[Source material Boundary: Start]

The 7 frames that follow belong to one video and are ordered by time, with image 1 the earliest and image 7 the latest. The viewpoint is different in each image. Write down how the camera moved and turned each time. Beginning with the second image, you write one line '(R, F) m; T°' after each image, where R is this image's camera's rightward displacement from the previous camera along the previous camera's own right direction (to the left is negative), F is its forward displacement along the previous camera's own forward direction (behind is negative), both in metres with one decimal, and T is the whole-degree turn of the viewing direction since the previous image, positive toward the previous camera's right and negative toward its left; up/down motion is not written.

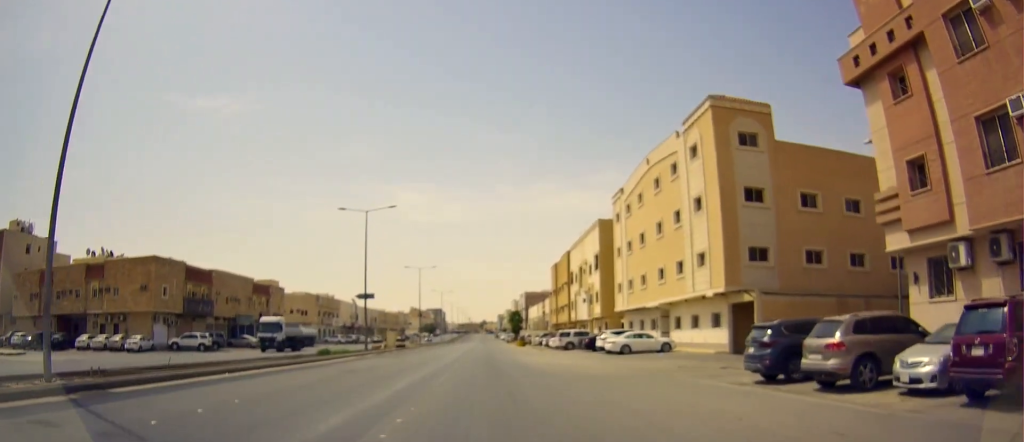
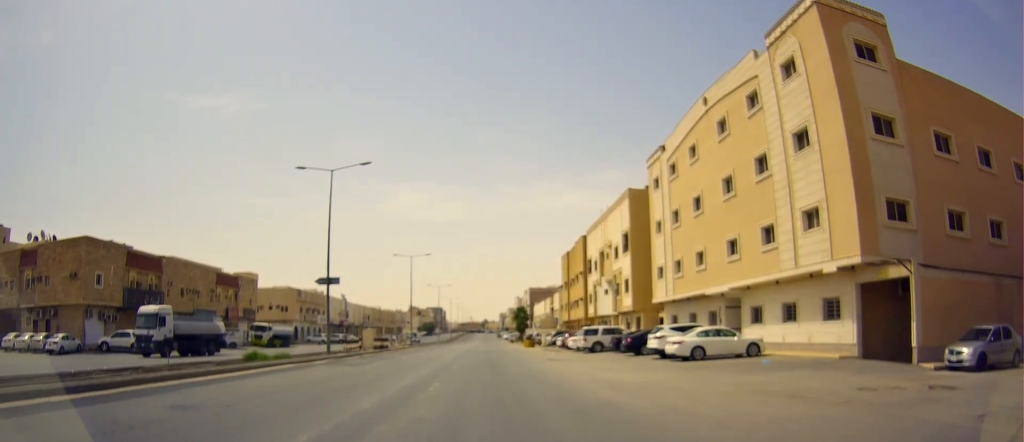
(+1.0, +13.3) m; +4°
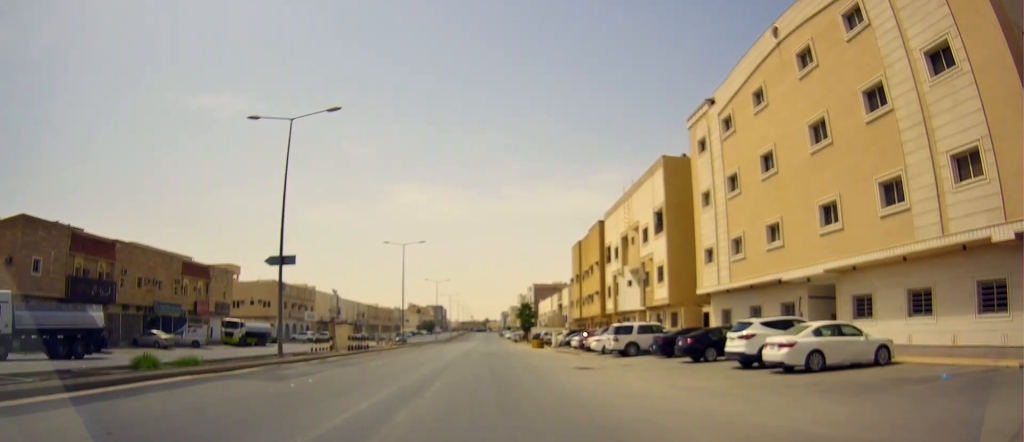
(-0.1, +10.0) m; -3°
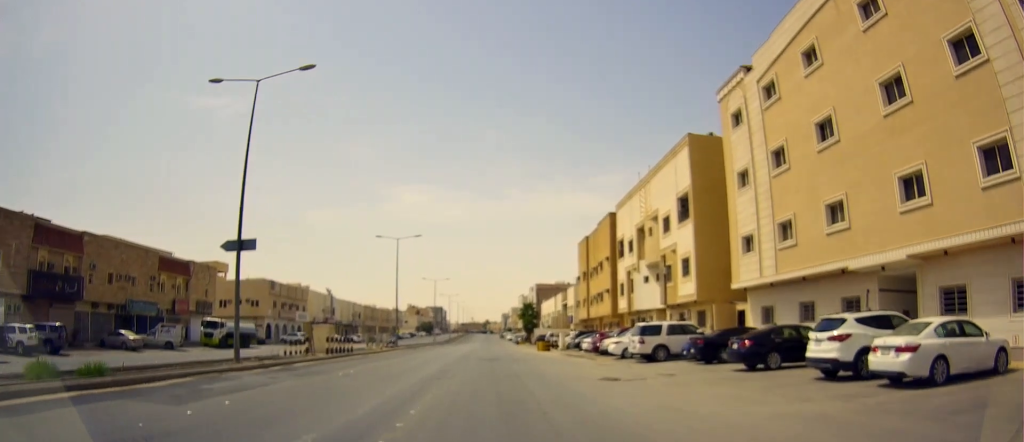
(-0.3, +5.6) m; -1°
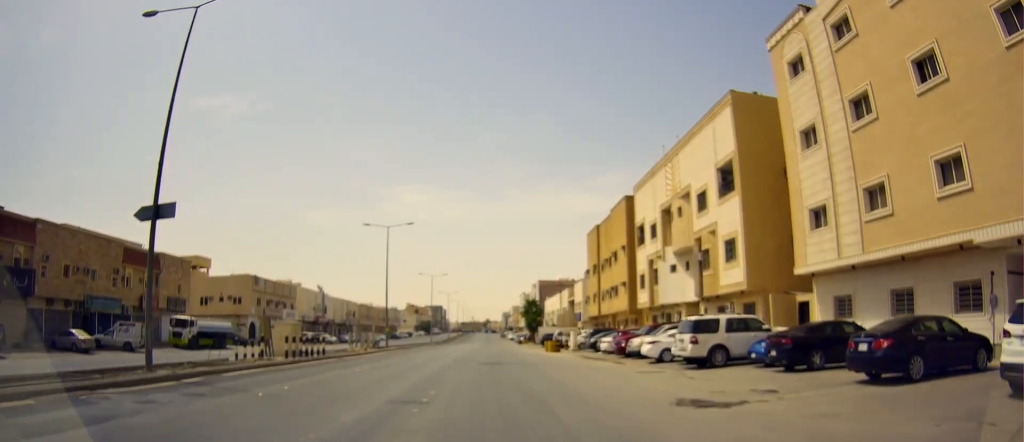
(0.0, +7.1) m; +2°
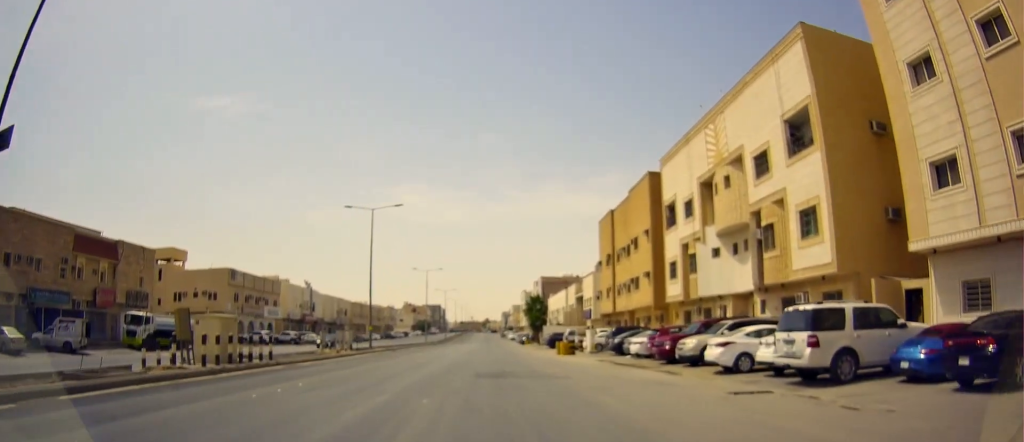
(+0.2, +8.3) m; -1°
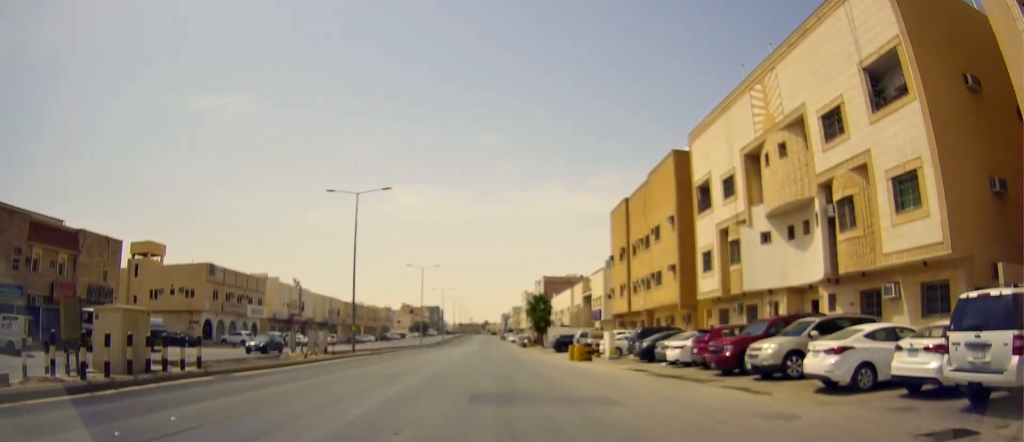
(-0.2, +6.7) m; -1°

[Source material Boundary: End]

*What is being asked*: What you return must match the entries above exactly, apart from the pictures, which are left out.

*Task solution*:
The 7 frames that follow belong to one video and are ordered by time, with image 1 the earliest and image 7 the latest. The viewpoint is different in each image. Write down how the camera moved and turned each time. Beginning with the second image, you write one line '(R, F) m; T°' after each image, where R is this image's camera's rightward displacement from the previous camera along the previous camera's own right direction (to the left is negative), F is its forward displacement along the previous camera's own forward direction (behind is negative), both in metres with one decimal, and T is the whole-degree turn of the viewing direction since the previous image, positive toward the previous camera's right and negative toward its left; up/down motion is not written.

(+1.0, +13.3) m; +4°
(-0.1, +10.0) m; -3°
(-0.3, +5.6) m; -1°
(0.0, +7.1) m; +2°
(+0.2, +8.3) m; -1°
(-0.2, +6.7) m; -1°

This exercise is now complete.